January 22nd, 2010

breaking bad

More on the dilemmas of life

I've posted a couple of f-locked posts bemoaning my boring job. But this morning I think the problem was that I was exhausted. Sometimes I need to recognise when I am worn out, and to let myself have a quiet day. And sometimes I need to give myself a kick up the arse and get on with things. Never sure which is which.

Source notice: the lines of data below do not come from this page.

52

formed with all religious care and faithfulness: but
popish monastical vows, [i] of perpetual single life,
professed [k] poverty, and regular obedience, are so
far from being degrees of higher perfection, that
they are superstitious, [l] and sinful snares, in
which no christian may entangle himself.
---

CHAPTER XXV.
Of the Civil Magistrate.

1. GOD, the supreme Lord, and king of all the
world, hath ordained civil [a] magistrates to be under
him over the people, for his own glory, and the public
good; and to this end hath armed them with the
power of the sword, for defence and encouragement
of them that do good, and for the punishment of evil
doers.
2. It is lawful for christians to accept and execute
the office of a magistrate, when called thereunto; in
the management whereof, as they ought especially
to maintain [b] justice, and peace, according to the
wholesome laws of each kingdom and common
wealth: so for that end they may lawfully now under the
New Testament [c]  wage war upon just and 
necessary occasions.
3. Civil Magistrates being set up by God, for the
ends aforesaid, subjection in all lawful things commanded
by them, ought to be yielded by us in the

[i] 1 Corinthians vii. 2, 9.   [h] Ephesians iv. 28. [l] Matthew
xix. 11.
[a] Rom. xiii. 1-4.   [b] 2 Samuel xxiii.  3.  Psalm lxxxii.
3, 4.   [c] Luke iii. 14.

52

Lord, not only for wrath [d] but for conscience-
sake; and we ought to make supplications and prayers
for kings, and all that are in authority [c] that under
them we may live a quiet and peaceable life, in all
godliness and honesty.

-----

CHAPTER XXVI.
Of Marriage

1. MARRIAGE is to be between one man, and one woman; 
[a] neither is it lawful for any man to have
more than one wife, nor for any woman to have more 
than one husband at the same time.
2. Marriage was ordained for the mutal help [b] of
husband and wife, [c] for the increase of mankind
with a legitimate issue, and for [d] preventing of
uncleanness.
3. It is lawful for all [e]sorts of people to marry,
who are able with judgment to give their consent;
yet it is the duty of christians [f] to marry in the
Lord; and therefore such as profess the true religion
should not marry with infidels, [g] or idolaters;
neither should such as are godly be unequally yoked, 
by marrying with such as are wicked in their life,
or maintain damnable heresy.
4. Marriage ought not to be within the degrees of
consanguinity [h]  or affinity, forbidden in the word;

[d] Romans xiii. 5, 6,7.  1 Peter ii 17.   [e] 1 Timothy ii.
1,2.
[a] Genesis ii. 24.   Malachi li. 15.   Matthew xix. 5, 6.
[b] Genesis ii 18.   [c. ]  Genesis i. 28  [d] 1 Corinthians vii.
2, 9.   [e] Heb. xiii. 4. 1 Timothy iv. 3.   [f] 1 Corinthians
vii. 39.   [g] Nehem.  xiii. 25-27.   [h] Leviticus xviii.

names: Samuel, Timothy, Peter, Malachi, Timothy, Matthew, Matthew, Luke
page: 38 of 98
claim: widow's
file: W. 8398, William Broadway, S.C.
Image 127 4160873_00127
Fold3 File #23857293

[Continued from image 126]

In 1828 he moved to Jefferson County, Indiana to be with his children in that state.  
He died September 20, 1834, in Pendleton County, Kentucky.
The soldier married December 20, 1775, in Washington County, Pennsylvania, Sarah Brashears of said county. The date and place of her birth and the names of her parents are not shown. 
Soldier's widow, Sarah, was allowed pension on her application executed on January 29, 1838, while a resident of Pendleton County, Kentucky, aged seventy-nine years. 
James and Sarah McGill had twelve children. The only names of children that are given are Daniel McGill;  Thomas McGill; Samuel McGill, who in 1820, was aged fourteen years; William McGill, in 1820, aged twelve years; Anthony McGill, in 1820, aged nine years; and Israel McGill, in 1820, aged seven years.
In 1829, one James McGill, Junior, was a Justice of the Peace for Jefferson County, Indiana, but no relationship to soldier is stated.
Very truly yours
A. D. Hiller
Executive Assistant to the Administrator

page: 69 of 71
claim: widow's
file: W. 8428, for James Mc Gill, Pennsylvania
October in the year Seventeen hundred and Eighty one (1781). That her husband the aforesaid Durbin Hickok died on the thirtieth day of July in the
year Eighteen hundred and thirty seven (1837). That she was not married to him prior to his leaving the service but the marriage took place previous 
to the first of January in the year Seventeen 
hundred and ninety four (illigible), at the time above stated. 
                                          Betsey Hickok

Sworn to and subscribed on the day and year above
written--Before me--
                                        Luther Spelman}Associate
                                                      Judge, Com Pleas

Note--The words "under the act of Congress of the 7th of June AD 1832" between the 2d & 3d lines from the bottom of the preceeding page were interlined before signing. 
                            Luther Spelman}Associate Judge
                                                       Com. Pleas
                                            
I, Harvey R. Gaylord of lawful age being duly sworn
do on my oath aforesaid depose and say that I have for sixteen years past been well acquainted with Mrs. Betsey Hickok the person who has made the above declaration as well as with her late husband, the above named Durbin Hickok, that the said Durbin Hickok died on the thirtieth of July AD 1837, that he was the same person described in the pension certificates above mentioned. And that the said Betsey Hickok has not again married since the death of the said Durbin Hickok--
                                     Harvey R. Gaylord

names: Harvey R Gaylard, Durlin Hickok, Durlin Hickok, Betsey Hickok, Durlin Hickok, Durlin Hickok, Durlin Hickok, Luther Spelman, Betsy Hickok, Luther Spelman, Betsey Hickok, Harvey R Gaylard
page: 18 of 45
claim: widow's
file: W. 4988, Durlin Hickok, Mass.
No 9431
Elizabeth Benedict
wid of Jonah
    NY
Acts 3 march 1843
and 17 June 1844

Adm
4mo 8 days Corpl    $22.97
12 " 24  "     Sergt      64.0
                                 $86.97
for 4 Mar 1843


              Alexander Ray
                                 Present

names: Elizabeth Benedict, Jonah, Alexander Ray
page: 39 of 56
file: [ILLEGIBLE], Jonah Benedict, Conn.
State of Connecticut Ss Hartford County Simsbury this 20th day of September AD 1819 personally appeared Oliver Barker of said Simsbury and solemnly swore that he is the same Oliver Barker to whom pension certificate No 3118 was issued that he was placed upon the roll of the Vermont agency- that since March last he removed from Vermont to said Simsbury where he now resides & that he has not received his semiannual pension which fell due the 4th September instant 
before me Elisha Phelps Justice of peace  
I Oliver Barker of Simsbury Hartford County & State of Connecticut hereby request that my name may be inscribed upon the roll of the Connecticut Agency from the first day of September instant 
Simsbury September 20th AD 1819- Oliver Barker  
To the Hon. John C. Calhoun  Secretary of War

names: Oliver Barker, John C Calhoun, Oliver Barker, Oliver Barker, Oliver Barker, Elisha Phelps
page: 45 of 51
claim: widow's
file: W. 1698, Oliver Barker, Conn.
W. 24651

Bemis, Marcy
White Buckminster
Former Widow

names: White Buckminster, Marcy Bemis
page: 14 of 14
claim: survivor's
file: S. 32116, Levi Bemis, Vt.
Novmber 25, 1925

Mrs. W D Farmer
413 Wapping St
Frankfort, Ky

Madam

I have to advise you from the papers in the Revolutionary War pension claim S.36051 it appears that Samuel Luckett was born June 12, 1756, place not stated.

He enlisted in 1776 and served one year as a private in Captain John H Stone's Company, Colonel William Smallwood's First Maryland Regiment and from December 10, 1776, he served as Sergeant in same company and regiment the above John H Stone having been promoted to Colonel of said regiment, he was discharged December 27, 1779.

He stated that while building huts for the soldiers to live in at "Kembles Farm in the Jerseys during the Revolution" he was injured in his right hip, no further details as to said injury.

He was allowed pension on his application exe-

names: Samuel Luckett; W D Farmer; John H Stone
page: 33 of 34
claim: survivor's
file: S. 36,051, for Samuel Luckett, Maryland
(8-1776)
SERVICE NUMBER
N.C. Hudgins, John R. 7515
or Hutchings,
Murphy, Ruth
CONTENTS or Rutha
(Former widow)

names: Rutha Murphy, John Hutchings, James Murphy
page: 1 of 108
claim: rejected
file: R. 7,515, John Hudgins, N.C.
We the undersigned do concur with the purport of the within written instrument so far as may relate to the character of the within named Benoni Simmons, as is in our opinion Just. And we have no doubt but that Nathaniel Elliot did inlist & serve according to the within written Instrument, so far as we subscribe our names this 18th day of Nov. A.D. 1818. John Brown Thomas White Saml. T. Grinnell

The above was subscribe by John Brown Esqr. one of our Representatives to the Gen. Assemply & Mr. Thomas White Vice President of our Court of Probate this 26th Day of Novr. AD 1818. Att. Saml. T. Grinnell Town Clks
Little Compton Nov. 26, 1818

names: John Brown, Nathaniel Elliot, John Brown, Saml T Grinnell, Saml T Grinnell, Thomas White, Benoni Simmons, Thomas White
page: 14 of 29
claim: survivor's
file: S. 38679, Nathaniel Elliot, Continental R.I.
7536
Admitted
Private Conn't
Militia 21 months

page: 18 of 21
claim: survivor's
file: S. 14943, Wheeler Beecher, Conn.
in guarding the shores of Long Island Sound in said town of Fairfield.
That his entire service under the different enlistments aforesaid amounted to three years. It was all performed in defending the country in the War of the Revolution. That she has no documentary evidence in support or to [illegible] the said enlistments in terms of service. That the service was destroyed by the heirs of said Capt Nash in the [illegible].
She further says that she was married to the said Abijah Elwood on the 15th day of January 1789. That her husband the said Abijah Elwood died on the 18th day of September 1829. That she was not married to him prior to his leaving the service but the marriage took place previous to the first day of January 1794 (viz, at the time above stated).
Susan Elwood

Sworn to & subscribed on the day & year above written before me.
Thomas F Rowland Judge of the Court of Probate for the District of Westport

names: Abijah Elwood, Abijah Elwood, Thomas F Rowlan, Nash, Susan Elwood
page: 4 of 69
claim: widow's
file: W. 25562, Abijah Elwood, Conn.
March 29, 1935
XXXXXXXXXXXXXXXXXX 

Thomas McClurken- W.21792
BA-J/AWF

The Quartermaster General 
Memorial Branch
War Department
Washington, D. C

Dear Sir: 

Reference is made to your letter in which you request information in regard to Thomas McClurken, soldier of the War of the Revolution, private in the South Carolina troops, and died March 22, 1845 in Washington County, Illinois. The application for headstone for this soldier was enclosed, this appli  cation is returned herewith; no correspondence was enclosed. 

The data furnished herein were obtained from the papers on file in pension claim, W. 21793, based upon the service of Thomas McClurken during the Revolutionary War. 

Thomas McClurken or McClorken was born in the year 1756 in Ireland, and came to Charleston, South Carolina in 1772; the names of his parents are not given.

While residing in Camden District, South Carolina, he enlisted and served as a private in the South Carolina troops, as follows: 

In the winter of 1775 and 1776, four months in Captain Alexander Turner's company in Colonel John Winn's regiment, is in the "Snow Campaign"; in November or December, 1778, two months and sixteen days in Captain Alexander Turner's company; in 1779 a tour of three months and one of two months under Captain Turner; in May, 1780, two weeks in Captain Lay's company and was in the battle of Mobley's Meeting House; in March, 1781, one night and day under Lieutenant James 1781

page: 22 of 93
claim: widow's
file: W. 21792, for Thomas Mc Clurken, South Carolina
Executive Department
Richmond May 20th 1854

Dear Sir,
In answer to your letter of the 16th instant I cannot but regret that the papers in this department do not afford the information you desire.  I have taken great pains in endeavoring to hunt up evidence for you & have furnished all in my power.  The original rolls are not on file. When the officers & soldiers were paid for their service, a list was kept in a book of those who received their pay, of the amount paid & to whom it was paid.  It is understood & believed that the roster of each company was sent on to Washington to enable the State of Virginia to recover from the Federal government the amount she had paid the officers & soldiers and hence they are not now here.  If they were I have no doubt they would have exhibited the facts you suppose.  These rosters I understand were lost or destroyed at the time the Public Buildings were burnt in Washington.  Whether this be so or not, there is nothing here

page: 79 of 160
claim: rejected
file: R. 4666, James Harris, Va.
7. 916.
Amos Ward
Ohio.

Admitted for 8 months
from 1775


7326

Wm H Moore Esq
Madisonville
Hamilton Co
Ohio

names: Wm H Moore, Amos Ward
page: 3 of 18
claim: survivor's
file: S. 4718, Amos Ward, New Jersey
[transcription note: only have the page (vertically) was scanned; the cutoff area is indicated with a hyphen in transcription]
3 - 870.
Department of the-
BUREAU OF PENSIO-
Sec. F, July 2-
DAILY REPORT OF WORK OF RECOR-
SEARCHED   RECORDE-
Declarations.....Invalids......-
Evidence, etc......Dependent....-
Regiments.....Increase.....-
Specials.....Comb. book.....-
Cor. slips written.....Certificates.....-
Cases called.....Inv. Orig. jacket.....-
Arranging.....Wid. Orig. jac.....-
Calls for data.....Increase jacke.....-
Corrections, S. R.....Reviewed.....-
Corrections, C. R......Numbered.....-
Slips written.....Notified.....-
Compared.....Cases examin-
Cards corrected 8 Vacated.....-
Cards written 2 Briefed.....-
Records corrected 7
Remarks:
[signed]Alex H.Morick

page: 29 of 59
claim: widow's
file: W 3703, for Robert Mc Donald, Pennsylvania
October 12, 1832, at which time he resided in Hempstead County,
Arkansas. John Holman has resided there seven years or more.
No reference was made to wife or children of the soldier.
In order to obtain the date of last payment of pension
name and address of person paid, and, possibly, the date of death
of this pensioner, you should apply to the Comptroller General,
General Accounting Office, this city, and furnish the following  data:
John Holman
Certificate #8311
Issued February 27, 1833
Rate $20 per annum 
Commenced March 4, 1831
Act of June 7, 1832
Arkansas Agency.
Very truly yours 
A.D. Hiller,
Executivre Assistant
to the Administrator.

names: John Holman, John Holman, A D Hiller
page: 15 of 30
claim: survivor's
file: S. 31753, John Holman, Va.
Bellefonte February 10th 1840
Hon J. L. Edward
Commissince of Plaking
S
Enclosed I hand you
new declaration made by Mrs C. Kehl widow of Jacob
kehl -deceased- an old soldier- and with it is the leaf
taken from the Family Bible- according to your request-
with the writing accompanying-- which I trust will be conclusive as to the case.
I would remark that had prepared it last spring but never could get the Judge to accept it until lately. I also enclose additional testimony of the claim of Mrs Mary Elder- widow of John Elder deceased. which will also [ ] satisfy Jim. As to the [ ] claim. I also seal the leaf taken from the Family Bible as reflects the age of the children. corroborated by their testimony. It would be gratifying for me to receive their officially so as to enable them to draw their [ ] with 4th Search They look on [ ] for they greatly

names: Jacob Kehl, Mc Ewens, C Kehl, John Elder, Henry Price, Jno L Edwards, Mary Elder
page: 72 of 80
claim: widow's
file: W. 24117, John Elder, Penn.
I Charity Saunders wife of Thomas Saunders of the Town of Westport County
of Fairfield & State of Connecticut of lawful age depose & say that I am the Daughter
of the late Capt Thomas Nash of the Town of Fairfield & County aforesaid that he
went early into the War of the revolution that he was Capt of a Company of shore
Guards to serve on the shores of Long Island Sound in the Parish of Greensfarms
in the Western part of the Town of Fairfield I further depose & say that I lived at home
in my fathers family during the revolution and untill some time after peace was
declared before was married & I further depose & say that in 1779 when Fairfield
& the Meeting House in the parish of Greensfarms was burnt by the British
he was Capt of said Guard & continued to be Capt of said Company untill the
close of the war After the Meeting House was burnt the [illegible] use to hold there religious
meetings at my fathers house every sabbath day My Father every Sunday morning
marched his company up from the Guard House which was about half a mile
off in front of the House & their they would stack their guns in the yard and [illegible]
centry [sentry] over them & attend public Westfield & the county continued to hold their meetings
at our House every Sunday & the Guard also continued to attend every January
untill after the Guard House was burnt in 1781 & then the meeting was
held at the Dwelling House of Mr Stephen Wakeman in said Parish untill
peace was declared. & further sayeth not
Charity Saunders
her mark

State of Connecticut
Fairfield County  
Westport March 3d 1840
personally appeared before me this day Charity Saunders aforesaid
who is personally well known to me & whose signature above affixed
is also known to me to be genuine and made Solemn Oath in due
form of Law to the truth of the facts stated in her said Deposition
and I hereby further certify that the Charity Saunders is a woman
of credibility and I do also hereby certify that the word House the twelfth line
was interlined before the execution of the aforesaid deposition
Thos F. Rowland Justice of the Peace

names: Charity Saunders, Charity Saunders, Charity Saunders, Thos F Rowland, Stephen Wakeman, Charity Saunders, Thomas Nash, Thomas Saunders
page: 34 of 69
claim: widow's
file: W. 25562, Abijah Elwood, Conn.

I have had the tests back from the vet and my mother's cat is diabetic. I knew he was. I am taking him in today to start him on insulin. But I have got to say, and I know that people on my f-list will think I am very wrong to say this, I would rather send the money to Haiti than spend hundreds of pounds on keeping a very old cat alive. My dilemma is that I also can't just ignore a dying animal in my house. And my third option - have him put down while my mum is on holiday - no I think that is a step further than I am prepared to go.
breaking bad

Wretched cat

Thanks for advice, people. When I said 'my friends will disapprove', I was projecting my own self-criticism, which I've done before. Sorry about that. My mum phoned, and gave me permission to do whatever seemed best. I took the cat to the vets with intention to put it to sleep, and then couldn't go through with it, and I've come back with a live cat and a load of needles and insulin. I am softer hearted headed than I thought. To celebrate the bloody animal pissed on my new coat. Wretch.